1.06. LA REFORMA REVIVIÓ EL ESTUDIO DEL IDIOMA HEBREO

Los cristianos, durante muchos siglos, no tuvieron interés en el Antiguo Testamento en hebreo, ni hicieron muchas tentativas para dominar ese idioma. Sólo dos de los padres de la iglesia, Orígenes y Jerónimo, se empeñaron en aprender hebreo. Desde la era apostólica hasta la Reforma protestante, los eruditos judíos fueron casi los únicos guardianes del idioma arcaico en que se escribió el Antiguo Testamento.

Siendo los reformadores vehementes estudiosos de la Palabra de Dios, auspiciaron y produjeron nuevas traducciones de la Biblia. Sin embargo, insistían en que cada traducción debía basarse en los idiomas originales y no en una traducción previa, ya fuera del griego o del latín. Como esto requería un profundo conocimiento del hebreo de parte de los traductores y eruditos protestantes, la Reforma dio un gran impulso a los estudios hebreos. Por ejemplo, en los siglos XVI y XVII, los eruditos cristianos publicaron 152 gramáticas hebreas; en cambio los eruditos judíos publicaron únicamente 18.

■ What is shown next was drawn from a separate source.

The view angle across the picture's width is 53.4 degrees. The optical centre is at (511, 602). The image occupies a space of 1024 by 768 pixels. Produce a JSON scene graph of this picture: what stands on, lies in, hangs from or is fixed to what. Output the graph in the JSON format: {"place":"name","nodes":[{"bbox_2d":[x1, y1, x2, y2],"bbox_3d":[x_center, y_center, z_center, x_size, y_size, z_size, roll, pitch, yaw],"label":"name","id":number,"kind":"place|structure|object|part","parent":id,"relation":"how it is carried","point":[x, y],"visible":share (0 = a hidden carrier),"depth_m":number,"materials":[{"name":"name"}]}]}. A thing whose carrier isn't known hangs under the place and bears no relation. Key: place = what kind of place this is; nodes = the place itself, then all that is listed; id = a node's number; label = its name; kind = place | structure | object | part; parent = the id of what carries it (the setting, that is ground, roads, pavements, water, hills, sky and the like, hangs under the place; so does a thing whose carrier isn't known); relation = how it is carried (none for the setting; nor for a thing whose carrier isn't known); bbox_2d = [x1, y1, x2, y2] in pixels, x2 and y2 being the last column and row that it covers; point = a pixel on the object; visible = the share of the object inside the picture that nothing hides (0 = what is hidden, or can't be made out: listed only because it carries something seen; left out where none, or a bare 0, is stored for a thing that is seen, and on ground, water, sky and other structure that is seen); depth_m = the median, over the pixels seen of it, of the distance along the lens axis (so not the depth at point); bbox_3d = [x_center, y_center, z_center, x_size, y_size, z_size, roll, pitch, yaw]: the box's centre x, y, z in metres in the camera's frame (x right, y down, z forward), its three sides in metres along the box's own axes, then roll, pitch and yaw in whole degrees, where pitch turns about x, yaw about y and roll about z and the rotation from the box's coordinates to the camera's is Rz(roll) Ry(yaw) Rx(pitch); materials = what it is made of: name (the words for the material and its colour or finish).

Durante los últimos ciento treinta años se han descubierto numerosas inscripciones hebreas, cananeas y en otros idiomas semíticos antiguos. Su contenido ha iluminado muchos pasajes del Antiguo Testamento, ha esclarecido incontables expresiones hebreas oscuras y ha proporcionado ejemplos que han ayudado a comprender mejor la gramática del idioma del Antiguo Testamento.

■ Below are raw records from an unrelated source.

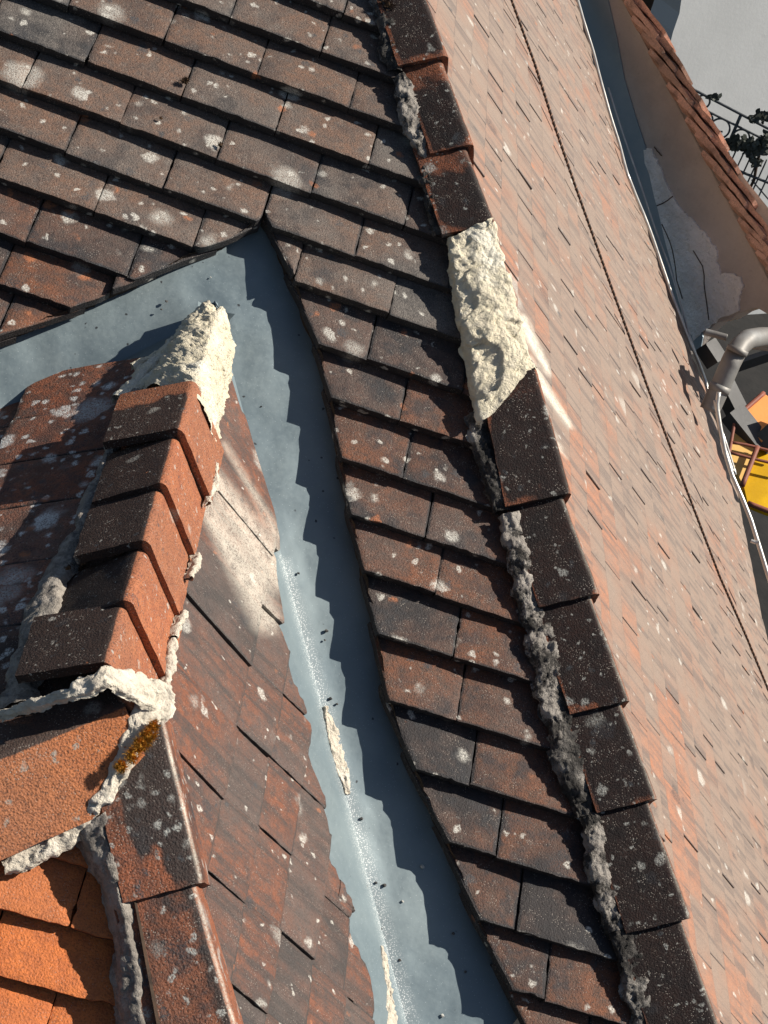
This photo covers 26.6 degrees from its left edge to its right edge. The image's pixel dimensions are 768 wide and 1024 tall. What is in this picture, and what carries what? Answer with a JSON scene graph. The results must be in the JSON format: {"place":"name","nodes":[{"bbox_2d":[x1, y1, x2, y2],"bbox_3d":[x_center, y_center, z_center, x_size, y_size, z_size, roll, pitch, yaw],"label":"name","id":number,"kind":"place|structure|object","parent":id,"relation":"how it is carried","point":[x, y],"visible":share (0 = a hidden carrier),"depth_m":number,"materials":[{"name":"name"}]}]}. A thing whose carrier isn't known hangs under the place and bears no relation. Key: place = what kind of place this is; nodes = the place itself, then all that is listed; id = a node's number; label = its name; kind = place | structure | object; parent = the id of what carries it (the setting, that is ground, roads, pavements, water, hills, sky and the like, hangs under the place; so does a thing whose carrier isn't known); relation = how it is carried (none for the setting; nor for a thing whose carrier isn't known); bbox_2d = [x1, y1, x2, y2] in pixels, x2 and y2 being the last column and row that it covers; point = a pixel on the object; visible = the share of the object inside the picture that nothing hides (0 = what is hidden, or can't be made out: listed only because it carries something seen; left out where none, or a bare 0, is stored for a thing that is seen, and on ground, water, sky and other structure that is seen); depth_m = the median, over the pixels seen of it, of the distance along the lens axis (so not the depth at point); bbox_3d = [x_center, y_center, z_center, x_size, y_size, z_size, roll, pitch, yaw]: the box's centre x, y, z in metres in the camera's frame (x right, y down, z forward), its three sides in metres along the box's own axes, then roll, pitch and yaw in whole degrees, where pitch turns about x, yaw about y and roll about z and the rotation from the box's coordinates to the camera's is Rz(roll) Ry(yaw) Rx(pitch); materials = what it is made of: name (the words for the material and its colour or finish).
{"place":"outdoors","nodes":[
{"label":"outdoors","id":0,"kind":"place"},
{"bbox_2d":[0,687,114,1023],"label":"roof slope","id":1,"kind":"structure","parent":0,"point":[57,951],"depth_m":1.79,"materials":[{"name":"orange tile"}]},
{"bbox_2d":[0,671,144,860],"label":"hip tile","id":2,"kind":"object","parent":1,"relation":"on","point":[56,760],"visible":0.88,"depth_m":1.81,"materials":[{"name":"orange tile"}]},
{"bbox_2d":[0,665,175,874],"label":"mortar band","id":3,"kind":"object","parent":1,"relation":"attached to","point":[152,698],"visible":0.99,"depth_m":1.81,"materials":[{"name":"beige concrete"}]},
{"bbox_2d":[112,758,129,774],"bbox_3d":[-0.294,0.284,1.813,0.023,0.015,0.019,18,35,-8],"label":"moss tuft","id":4,"kind":"object","parent":3,"relation":"on","point":[120,767],"visible":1,"depth_m":1.81,"materials":[{"name":"brown plant"}]},
{"bbox_2d":[122,747,141,767],"bbox_3d":[-0.283,0.274,1.821,0.025,0.016,0.020,37,36,18],"label":"moss tuft","id":5,"kind":"object","parent":3,"relation":"on","point":[131,756],"visible":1,"depth_m":1.82,"materials":[{"name":"brown plant"}]},
{"bbox_2d":[129,736,152,754],"bbox_3d":[-0.274,0.263,1.826,0.028,0.017,0.023,18,35,-8],"label":"moss tuft","id":6,"kind":"object","parent":3,"relation":"on","point":[140,746],"visible":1,"depth_m":1.83,"materials":[{"name":"brown plant"}]},
{"bbox_2d":[137,726,159,746],"bbox_3d":[-0.266,0.253,1.833,0.027,0.019,0.025,18,35,-8],"label":"moss tuft","id":7,"kind":"object","parent":3,"relation":"on","point":[148,734],"visible":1,"depth_m":1.83,"materials":[{"name":"brown plant"}]},
{"bbox_2d":[144,719,161,731],"bbox_3d":[-0.261,0.242,1.839,0.022,0.015,0.018,1,40,-30],"label":"moss tuft","id":8,"kind":"object","parent":3,"relation":"on","point":[153,724],"visible":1,"depth_m":1.84,"materials":[{"name":"brown plant"}]},
{"bbox_2d":[75,812,145,1023],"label":"mortar bed","id":9,"kind":"object","parent":1,"relation":"on","point":[126,977],"visible":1,"depth_m":1.79,"materials":[{"name":"grey concrete"}]},
{"bbox_2d":[0,356,159,689],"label":"roof slope","id":10,"kind":"structure","parent":0,"point":[53,429],"depth_m":2.31,"materials":[{"name":"tile"}]},
{"bbox_2d":[0,388,138,707],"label":"mortar strip","id":11,"kind":"object","parent":10,"relation":"on","point":[47,599],"visible":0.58,"depth_m":2.00,"materials":[{"name":"grey concrete"}]},
{"bbox_2d":[64,563,72,569],"bbox_3d":[-0.394,0.069,2.028,0.015,0.010,0.014,-12,48,-41],"label":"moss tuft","id":12,"kind":"object","parent":11,"relation":"on","point":[68,567],"visible":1,"depth_m":2.03,"materials":[{"name":"black plant"}]},
{"bbox_2d":[111,336,173,403],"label":"mortar lumps","id":13,"kind":"object","parent":10,"relation":"on","point":[143,367],"visible":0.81,"depth_m":2.44,"materials":[{"name":"grey concrete"}]},
{"bbox_2d":[134,381,374,1023],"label":"roof slope","id":14,"kind":"structure","parent":0,"point":[280,903],"depth_m":2.13,"materials":[{"name":"brown tile"}]},
{"bbox_2d":[15,606,158,713],"bbox_3d":[-0.335,0.175,1.890,0.172,0.120,0.122,18,35,-8],"label":"ridge tile","id":15,"kind":"object","parent":14,"relation":"on","point":[75,642],"visible":0.77,"depth_m":1.87,"materials":[{"name":"ceramic"}]},
{"bbox_2d":[58,548,181,679],"bbox_3d":[-0.318,0.118,1.992,0.159,0.130,0.125,18,35,-8],"label":"ridge tile","id":16,"kind":"object","parent":14,"relation":"on","point":[128,581],"visible":0.86,"depth_m":1.97,"materials":[{"name":"ceramic"}]},
{"bbox_2d":[73,490,190,615],"bbox_3d":[-0.313,0.043,2.087,0.155,0.124,0.135,18,35,-8],"label":"ridge tile","id":17,"kind":"object","parent":14,"relation":"on","point":[145,522],"visible":0.99,"depth_m":2.06,"materials":[{"name":"ceramic"}]},
{"bbox_2d":[92,437,205,556],"bbox_3d":[-0.307,-0.031,2.190,0.154,0.121,0.136,18,35,-8],"label":"ridge tile","id":18,"kind":"object","parent":14,"relation":"on","point":[162,466],"visible":1,"depth_m":2.17,"materials":[{"name":"ceramic"}]},
{"bbox_2d":[101,720,210,902],"bbox_3d":[-0.263,0.337,1.848,0.124,0.144,0.201,-5,44,-35],"label":"hip tile","id":19,"kind":"object","parent":14,"relation":"on","point":[154,841],"visible":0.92,"depth_m":1.82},
{"bbox_2d":[103,381,223,501],"bbox_3d":[-0.301,-0.113,2.289,0.170,0.110,0.136,18,35,-8],"label":"ridge tile","id":20,"kind":"object","parent":14,"relation":"on","point":[177,411],"visible":1,"depth_m":2.27,"materials":[{"name":"ceramic"}]},
{"bbox_2d":[161,637,178,689],"bbox_3d":[-0.266,0.201,1.966,0.025,0.026,0.130,18,35,-8],"label":"mortar pad","id":21,"kind":"object","parent":14,"relation":"on","point":[171,657],"visible":0.62,"depth_m":1.98,"materials":[{"name":"beige concrete"}]},
{"bbox_2d":[114,885,243,1023],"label":"hip tile","id":22,"kind":"object","parent":14,"relation":"on","point":[191,982],"visible":0.94,"depth_m":1.78,"materials":[{"name":"brown tile"}]},
{"bbox_2d":[169,609,188,638],"bbox_3d":[-0.261,0.145,2.043,0.018,0.022,0.067,23,34,-2],"label":"mortar pad","id":23,"kind":"object","parent":14,"relation":"on","point":[178,623],"visible":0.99,"depth_m":2.04,"materials":[{"name":"beige concrete"}]},
{"bbox_2d":[143,300,235,441],"bbox_3d":[-0.282,-0.229,2.450,0.139,0.096,0.322,18,35,-8],"label":"mortar bed","id":24,"kind":"object","parent":14,"relation":"on","point":[199,350],"visible":0.98,"depth_m":2.42,"materials":[{"name":"beige concrete"}]},
{"bbox_2d":[184,552,201,580],"bbox_3d":[-0.252,0.073,2.146,0.021,0.020,0.065,18,35,-8],"label":"mortar pad","id":25,"kind":"object","parent":14,"relation":"on","point":[194,564],"visible":1,"depth_m":2.14,"materials":[{"name":"beige concrete"}]},
{"bbox_2d":[202,462,219,506],"bbox_3d":[-0.243,-0.037,2.294,0.021,0.019,0.104,16,35,-12],"label":"mortar pad","id":26,"kind":"object","parent":14,"relation":"on","point":[215,485],"visible":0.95,"depth_m":2.29,"materials":[{"name":"beige concrete"}]},
{"bbox_2d":[0,0,630,1023],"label":"roof slope","id":27,"kind":"structure","parent":0,"point":[112,184],"depth_m":2.61,"materials":[{"name":"brown tile"}]},
{"bbox_2d":[177,76,190,83],"bbox_3d":[-0.332,-0.721,2.703,0.022,0.015,0.020,18,35,-8],"label":"moss tuft","id":28,"kind":"object","parent":27,"relation":"on","point":[185,80],"visible":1,"depth_m":2.70,"materials":[{"name":"brown plant"}]},
{"bbox_2d":[0,222,516,1023],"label":"valley gutter","id":29,"kind":"object","parent":27,"relation":"attached to","point":[390,840],"visible":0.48,"depth_m":2.49,"materials":[{"name":"grey metal"}]},
{"bbox_2d":[322,706,350,794],"bbox_3d":[-0.071,0.355,2.423,0.031,0.069,0.124,-6,44,-37],"label":"cement spill","id":30,"kind":"object","parent":29,"relation":"on","point":[337,751],"visible":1,"depth_m":2.42,"materials":[{"name":"beige concrete"}]},
{"bbox_2d":[381,946,397,1023],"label":"cement spill","id":31,"kind":"object","parent":29,"relation":"on","point":[392,1017],"visible":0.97,"depth_m":2.29,"materials":[{"name":"beige concrete"}]},
{"bbox_2d":[369,0,402,72],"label":"mortar strip","id":32,"kind":"object","parent":27,"relation":"on","point":[387,59],"visible":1,"depth_m":2.83,"materials":[{"name":"grey concrete"}]},
{"bbox_2d":[393,72,426,158],"bbox_3d":[0.053,-0.682,2.796,0.057,0.094,0.164,-2,42,-33],"label":"mortar strip","id":33,"kind":"object","parent":27,"relation":"on","point":[408,107],"visible":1,"depth_m":2.79,"materials":[{"name":"grey concrete"}]},
{"bbox_2d":[416,154,449,236],"bbox_3d":[0.082,-0.537,2.749,0.038,0.087,0.147,-1,41,-32],"label":"mortar strip","id":34,"kind":"object","parent":27,"relation":"on","point":[434,229],"visible":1,"depth_m":2.73,"materials":[{"name":"grey concrete"}]},
{"bbox_2d":[464,412,509,513],"bbox_3d":[0.173,-0.083,2.601,0.057,0.102,0.162,-5,44,-35],"label":"mortar strip","id":35,"kind":"object","parent":27,"relation":"on","point":[478,437],"visible":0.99,"depth_m":2.59,"materials":[{"name":"grey concrete"}]},
{"bbox_2d":[447,218,535,424],"bbox_3d":[0.187,-0.312,2.681,0.142,0.228,0.316,2,40,-29],"label":"mortar bed","id":36,"kind":"object","parent":27,"relation":"on","point":[493,352],"visible":0.94,"depth_m":2.66,"materials":[{"name":"beige concrete"}]},
{"bbox_2d":[498,511,539,623],"bbox_3d":[0.213,0.084,2.547,0.055,0.102,0.157,3,40,-28],"label":"mortar strip","id":37,"kind":"object","parent":27,"relation":"on","point":[514,545],"visible":1,"depth_m":2.54,"materials":[{"name":"grey concrete"}]},
{"bbox_2d":[519,609,568,741],"bbox_3d":[0.257,0.253,2.500,0.069,0.113,0.190,1,40,-30],"label":"mortar strip","id":38,"kind":"object","parent":27,"relation":"on","point":[541,653],"visible":1,"depth_m":2.49,"materials":[{"name":"grey concrete"}]},
{"bbox_2d":[546,711,591,817],"bbox_3d":[0.291,0.380,2.459,0.073,0.094,0.146,-12,48,-41],"label":"mortar strip","id":39,"kind":"object","parent":27,"relation":"on","point":[566,761],"visible":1,"depth_m":2.44,"materials":[{"name":"grey concrete"}]},
{"bbox_2d":[577,811,623,933],"bbox_3d":[0.325,0.532,2.411,0.056,0.099,0.170,3,40,-28],"label":"mortar strip","id":40,"kind":"object","parent":27,"relation":"on","point":[596,870],"visible":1,"depth_m":2.40,"materials":[{"name":"grey concrete"}]},
{"bbox_2d":[607,928,650,1023],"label":"mortar strip","id":41,"kind":"object","parent":27,"relation":"on","point":[632,995],"visible":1,"depth_m":2.36,"materials":[{"name":"grey concrete"}]},
{"bbox_2d":[427,0,767,1023],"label":"roof slope","id":42,"kind":"structure","parent":0,"point":[695,710],"depth_m":3.50,"materials":[{"name":"tile"}]},
{"bbox_2d":[377,0,448,72],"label":"hip tile","id":43,"kind":"object","parent":42,"relation":"on","point":[412,29],"visible":0.95,"depth_m":2.83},
{"bbox_2d":[377,0,396,10],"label":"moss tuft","id":44,"kind":"object","parent":43,"relation":"on","point":[388,4],"visible":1,"depth_m":2.85,"materials":[{"name":"plant"}]},
{"bbox_2d":[402,60,473,165],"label":"hip tile","id":45,"kind":"object","parent":42,"relation":"on","point":[442,124],"visible":0.94,"depth_m":2.79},
{"bbox_2d":[413,145,493,237],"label":"hip tile","id":46,"kind":"object","parent":42,"relation":"on","point":[459,202],"visible":0.91,"depth_m":2.74,"materials":[{"name":"brown tile"}]},
{"bbox_2d":[487,369,570,507],"bbox_3d":[0.231,-0.114,2.627,0.139,0.174,0.226,-1,42,-33],"label":"hip tile","id":47,"kind":"object","parent":42,"relation":"on","point":[528,459],"visible":0.95,"depth_m":2.59,"materials":[{"name":"brown tile"}]},
{"bbox_2d":[507,497,598,607],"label":"hip tile","id":48,"kind":"object","parent":42,"relation":"on","point":[559,569],"visible":0.91,"depth_m":2.55,"materials":[{"name":"brown tile"}]},
{"bbox_2d":[539,597,628,713],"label":"hip tile","id":49,"kind":"object","parent":42,"relation":"on","point":[589,677],"visible":0.91,"depth_m":2.50,"materials":[{"name":"black ceramic"}]},
{"bbox_2d":[569,703,656,812],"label":"hip tile","id":50,"kind":"object","parent":42,"relation":"on","point":[615,773],"visible":0.94,"depth_m":2.45,"materials":[{"name":"brown tile"}]},
{"bbox_2d":[510,0,767,690],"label":"twisted cable","id":51,"kind":"object","parent":42,"relation":"attached to","point":[628,333],"visible":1,"depth_m":4.11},
{"bbox_2d":[592,801,689,933],"bbox_3d":[0.383,0.523,2.437,0.132,0.150,0.221,-4,43,-35],"label":"hip tile","id":52,"kind":"object","parent":42,"relation":"on","point":[645,885],"visible":0.93,"depth_m":2.40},
{"bbox_2d":[576,0,736,474],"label":"zinc rim","id":53,"kind":"object","parent":42,"relation":"on","point":[639,203],"visible":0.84,"depth_m":5.59,"materials":[{"name":"grey metal"}]},
{"bbox_2d":[608,87,707,389],"bbox_3d":[0.999,-0.973,5.780,0.085,0.646,0.991,-9,46,-39],"label":"zinc rim","id":54,"kind":"object","parent":53,"relation":"attached to","point":[657,235],"visible":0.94,"depth_m":5.80,"materials":[{"name":"grey metal"}]},
{"bbox_2d":[628,921,718,1023],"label":"hip tile","id":55,"kind":"object","parent":42,"relation":"on","point":[668,968],"visible":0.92,"depth_m":2.36,"materials":[{"name":"brown tile"}]},
{"bbox_2d":[609,0,767,353],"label":"gable wall","id":56,"kind":"structure","parent":42,"relation":"attached to","point":[693,181],"depth_m":5.81,"materials":[{"name":"beige paint"}]},
{"bbox_2d":[623,0,652,20],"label":"verge tile","id":57,"kind":"object","parent":56,"relation":"on","point":[644,6],"visible":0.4,"depth_m":5.81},
{"bbox_2d":[579,0,703,350],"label":"wall flashing","id":58,"kind":"object","parent":56,"relation":"attached to","point":[598,17],"depth_m":5.99,"materials":[{"name":"metal"}]},
{"bbox_2d":[623,0,675,51],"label":"verge tile","id":59,"kind":"object","parent":56,"relation":"on","point":[636,12],"visible":0.66,"depth_m":5.80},
{"bbox_2d":[631,15,675,55],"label":"verge tile","id":60,"kind":"object","parent":56,"relation":"on","point":[640,27],"visible":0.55,"depth_m":5.79,"materials":[{"name":"brown tile"}]},
{"bbox_2d":[641,32,692,84],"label":"verge tile","id":61,"kind":"object","parent":56,"relation":"on","point":[653,45],"visible":0.69,"depth_m":5.76,"materials":[{"name":"brown tile"}]},
{"bbox_2d":[648,48,688,87],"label":"verge tile","id":62,"kind":"object","parent":56,"relation":"on","point":[657,60],"visible":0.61,"depth_m":5.75,"materials":[{"name":"brown tile"}]},
{"bbox_2d":[658,65,710,117],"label":"verge tile","id":63,"kind":"object","parent":56,"relation":"on","point":[681,79],"visible":0.71,"depth_m":5.72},
{"bbox_2d":[666,82,709,128],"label":"verge tile","id":64,"kind":"object","parent":56,"relation":"on","point":[675,93],"visible":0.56,"depth_m":5.71,"materials":[{"name":"brown tile"}]},
{"bbox_2d":[644,146,743,340],"bbox_3d":[1.072,-0.953,5.867,0.014,0.477,0.686,-9,46,-39],"label":"render patch","id":65,"kind":"object","parent":56,"relation":"attached to","point":[709,293],"visible":0.98,"depth_m":5.83,"materials":[{"name":"grey paint"}]},
{"bbox_2d":[677,98,729,150],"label":"verge tile","id":66,"kind":"object","parent":56,"relation":"on","point":[703,126],"visible":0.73,"depth_m":5.67,"materials":[{"name":"orange tile"}]},
{"bbox_2d":[685,117,727,154],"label":"verge tile","id":67,"kind":"object","parent":56,"relation":"on","point":[693,127],"visible":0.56,"depth_m":5.66,"materials":[{"name":"orange tile"}]},
{"bbox_2d":[696,338,724,368],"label":"steel beam","id":68,"kind":"structure","parent":56,"relation":"attached to","point":[710,353],"depth_m":5.74,"materials":[{"name":"grey metal"}]},
{"bbox_2d":[694,131,742,175],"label":"verge tile","id":69,"kind":"object","parent":56,"relation":"on","point":[718,158],"visible":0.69,"depth_m":5.64,"materials":[{"name":"orange tile"}]},
{"bbox_2d":[701,150,742,198],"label":"verge tile","id":70,"kind":"object","parent":56,"relation":"on","point":[710,162],"visible":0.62,"depth_m":5.63,"materials":[{"name":"orange tile"}]},
{"bbox_2d":[712,166,758,214],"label":"verge tile","id":71,"kind":"object","parent":56,"relation":"on","point":[735,179],"visible":0.69,"depth_m":5.59,"materials":[{"name":"orange tile"}]},
{"bbox_2d":[718,183,760,227],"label":"verge tile","id":72,"kind":"object","parent":56,"relation":"on","point":[728,195],"visible":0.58,"depth_m":5.58,"materials":[{"name":"orange tile"}]},
{"bbox_2d":[729,198,767,239],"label":"verge tile","id":73,"kind":"object","parent":56,"relation":"on","point":[754,225],"visible":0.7,"depth_m":5.55,"materials":[{"name":"brown ceramic"}]},
{"bbox_2d":[737,217,767,252],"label":"verge tile","id":74,"kind":"object","parent":56,"relation":"on","point":[745,227],"visible":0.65,"depth_m":5.55,"materials":[{"name":"orange tile"}]},
{"bbox_2d":[745,233,767,257],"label":"verge tile","id":75,"kind":"object","parent":56,"relation":"on","point":[755,244],"visible":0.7,"depth_m":5.54,"materials":[{"name":"orange tile"}]},
{"bbox_2d":[755,249,767,266],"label":"verge tile","id":76,"kind":"object","parent":56,"relation":"on","point":[762,258],"visible":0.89,"depth_m":5.54,"materials":[{"name":"orange tile"}]},
{"bbox_2d":[700,327,767,412],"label":"downpipe","id":77,"kind":"object","parent":42,"relation":"attached to","point":[741,345],"visible":0.97,"depth_m":5.06,"materials":[{"name":"grey metal"}]},
{"bbox_2d":[704,329,727,340],"bbox_3d":[1.046,-0.559,5.114,0.073,0.036,0.021,26,34,3],"label":"thin pipe","id":78,"kind":"object","parent":77,"relation":"attached to","point":[716,334],"visible":1,"depth_m":5.11,"materials":[{"name":"grey metal"}]},
{"bbox_2d":[753,347,767,350],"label":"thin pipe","id":79,"kind":"object","parent":77,"relation":"attached to","point":[763,348],"visible":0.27,"depth_m":5.32,"materials":[{"name":"grey metal"}]},
{"bbox_2d":[715,392,767,580],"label":"white cable","id":80,"kind":"object","parent":42,"relation":"attached to","point":[738,489],"visible":0.99,"depth_m":4.49,"materials":[{"name":"plastic"}]},
{"bbox_2d":[713,400,733,471],"bbox_3d":[0.940,-0.210,4.496,0.010,0.139,0.162,-14,49,-42],"label":"white cable","id":81,"kind":"object","parent":80,"relation":"attached to","point":[714,401],"visible":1,"depth_m":4.49,"materials":[{"name":"plastic"}]},
{"bbox_2d":[750,539,759,543],"bbox_3d":[1.015,0.081,4.434,0.025,0.017,0.011,25,34,1],"label":"cable clip","id":82,"kind":"object","parent":80,"relation":"attached to","point":[755,542],"visible":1,"depth_m":4.43,"materials":[{"name":"metal"}]},
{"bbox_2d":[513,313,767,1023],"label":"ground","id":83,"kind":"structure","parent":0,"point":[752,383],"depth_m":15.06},
{"bbox_2d":[650,0,767,314],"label":"pale wall","id":84,"kind":"structure","parent":83,"relation":"on","point":[720,46],"depth_m":13.51,"materials":[{"name":"white paint"}]},
{"bbox_2d":[643,0,653,10],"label":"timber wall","id":85,"kind":"structure","parent":84,"relation":"attached to","point":[649,3],"depth_m":14.04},
{"bbox_2d":[694,88,767,198],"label":"iron railing","id":86,"kind":"object","parent":83,"relation":"on","point":[736,125],"visible":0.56,"depth_m":12.40,"materials":[{"name":"black metal"}]},
{"bbox_2d":[705,93,767,186],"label":"climbing plant","id":87,"kind":"object","parent":86,"relation":"attached to","point":[751,147],"visible":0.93,"depth_m":12.34,"materials":[{"name":"green plant"}]},
{"bbox_2d":[738,351,767,371],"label":"steel beam","id":88,"kind":"structure","parent":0,"point":[755,359],"depth_m":6.97,"materials":[{"name":"grey metal"}]},
{"bbox_2d":[757,424,767,453],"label":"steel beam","id":89,"kind":"structure","parent":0,"point":[762,434],"depth_m":6.20,"materials":[{"name":"grey metal"}]},
{"bbox_2d":[729,391,767,515],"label":"awning","id":90,"kind":"object","parent":89,"relation":"attached to","point":[750,461],"visible":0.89,"depth_m":6.15,"materials":[{"name":"yellow fabric"}]},
{"bbox_2d":[722,380,746,415],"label":"steel beam","id":91,"kind":"structure","parent":90,"relation":"attached to","point":[734,400],"depth_m":6.42,"materials":[{"name":"grey metal"}]},
{"bbox_2d":[721,403,761,446],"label":"steel beam","id":92,"kind":"structure","parent":90,"relation":"on","point":[748,425],"depth_m":6.21,"materials":[{"name":"grey metal"}]}
]}

Con todo, debiera afirmarse que el conocimiento del hebreo antiguo de ninguna manera garantiza una comprensión correcta de las Sagradas Escrituras. Algunos de los mayores hebraístas de las últimas décadas han sido los críticos más destructores de la Biblia; en cambio, numerosos hombres y mujeres de Dios han explicado con solidez y vigor las páginas sagradas del Antiguo Testamento, sin saber hebreo, y han conducido a la gente al conocimiento de la verdad. Por supuesto, para el ministro de la Palabra el conocimiento del hebreo es deseable y útil. Sin embargo, las traducciones modernas generalmente están bien hechas y transmiten con bastante exactitud los pensamientos de los escritos originales. De ahí que el mejor expositor de las Escrituras no es necesariamente el hebraísta erudito, sino el hombre que tiene la medida mayor del Espíritu Santo, mediante el cual escudriña "lo profundo de Dios" (1 Cor. 2:10).